Tanpa bisa menahan diri, Dika mengalirkan air mata. Gadis itu segera mengubur wajahnya pada lekuk leher milik Zahra sambil terisak sakit "Aku pasti sibuk sekali belakangan ini sampai lupa untuk menjaga kesehatan kamu. Aku minta maaf"

Dika bisa merasakan usapan kecil di punggungnya yang naik turun seirama dengan isakan tangis "Kamu berusaha cukup keras untuk kita berdua. Tidak ada yang egois di sini. Mungkin aku yang teledor. Sudah jangan menangis. Aku belum pakai baju. Dingin"

Meskipun Dika berusaha untuk tersenyum karena ujaran kekasihnya yang terdengar lucu, air mata gadis tomboy itu tak henti turun ke pipi. Ia membiarkan hatinya melemah begitu saja saat ia melihat gadisnya tak terurus seperti ini.

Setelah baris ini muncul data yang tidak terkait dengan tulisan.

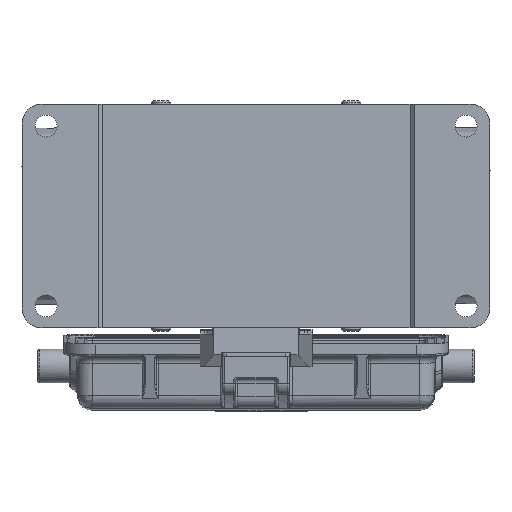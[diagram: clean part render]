
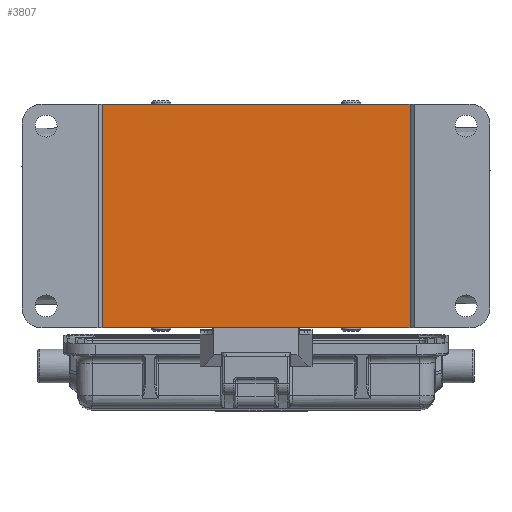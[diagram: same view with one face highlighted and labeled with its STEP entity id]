
A CAD part, front view. The second image highlights one B-rep face of the part: STEP entity #3807.
In plain terms, the highlighted planar face has unit normal (0, -1, 0).
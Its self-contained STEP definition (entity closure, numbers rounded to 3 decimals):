
#3807=ADVANCED_FACE('NONE',(#5324),#4298,.F.);
#4298=PLANE('',#20687);
#5324=FACE_OUTER_BOUND('',#6497,.T.);
#6497=EDGE_LOOP('',(#11434,#11435,#11436,#11437));
#11434=ORIENTED_EDGE('',*,*,#16775,.F.);
#11435=ORIENTED_EDGE('',*,*,#16812,.F.);
#11436=ORIENTED_EDGE('',*,*,#16765,.F.);
#11437=ORIENTED_EDGE('',*,*,#16772,.F.);
#14076=VERTEX_POINT('',#39507);
#14078=VERTEX_POINT('',#39511);
#14082=VERTEX_POINT('',#39524);
#14084=VERTEX_POINT('',#39530);
#16765=EDGE_CURVE('NONE',#14078,#14076,#18140,.T.);
#16772=EDGE_CURVE('NONE',#14082,#14078,#18146,.T.);
#16775=EDGE_CURVE('NONE',#14084,#14082,#18149,.T.);
#16812=EDGE_CURVE('NONE',#14076,#14084,#18160,.T.);
#18140=LINE('',#39512,#19199);
#18146=LINE('',#39525,#19205);
#18149=LINE('',#39531,#19208);
#18160=LINE('',#40073,#19219);
#19199=VECTOR('',#24253,1.);
#19205=VECTOR('',#24265,1.);
#19208=VECTOR('',#24270,1.);
#19219=VECTOR('',#24331,1.);
#20687=AXIS2_PLACEMENT_3D('',#40074,#24332,#24333);
#24253=DIRECTION('',(0.,0.,1.));
#24265=DIRECTION('',(-1.,0.,0.));
#24270=DIRECTION('',(0.,0.,-1.));
#24331=DIRECTION('',(1.,0.,0.));
#24332=DIRECTION('',(0.,1.,0.));
#24333=DIRECTION('',(0.,0.,1.));
#39507=CARTESIAN_POINT('',(-38.5,-23.,28.));
#39511=CARTESIAN_POINT('',(-38.5,-23.,-28.));
#39512=CARTESIAN_POINT('',(-38.5,-23.,33.6));
#39524=CARTESIAN_POINT('',(38.5,-23.,-28.));
#39525=CARTESIAN_POINT('',(38.5,-23.,-28.));
#39530=CARTESIAN_POINT('',(38.5,-23.,28.));
#39531=CARTESIAN_POINT('',(38.5,-23.,33.6));
#40073=CARTESIAN_POINT('',(-58.5,-23.,28.));
#40074=CARTESIAN_POINT('',(38.5,-23.,33.6));

Zahra bergerak perlahan untuk memisahkan diri dari dalam dekapan. Ia kemudian berdiri dan mengenakan sisa pakaiannya yang sudah ia siapkan.

Gadis itu tampak cantik dalam balutan kebaya sederhana dan songket bercorak bunga sebagai pengganti rok. Hanya saja, ia terlihat kurus dan pucat. Itu yang membuat Dika kehilangan kontrol sampai menangis.

"Mau ikut ke surau? Aku mau ngaji"  unjar Zahra pada Dika yang langsung mengangguk mengiyakan.

"Yasudah. Mandilah. Kutunggu"

Dengan itu, Dika berdiri dan segera bergegas mandi. Tak membutuhkan waktu lama bagi Dika untuk mandi di gubuk yang bahkan tak beratap.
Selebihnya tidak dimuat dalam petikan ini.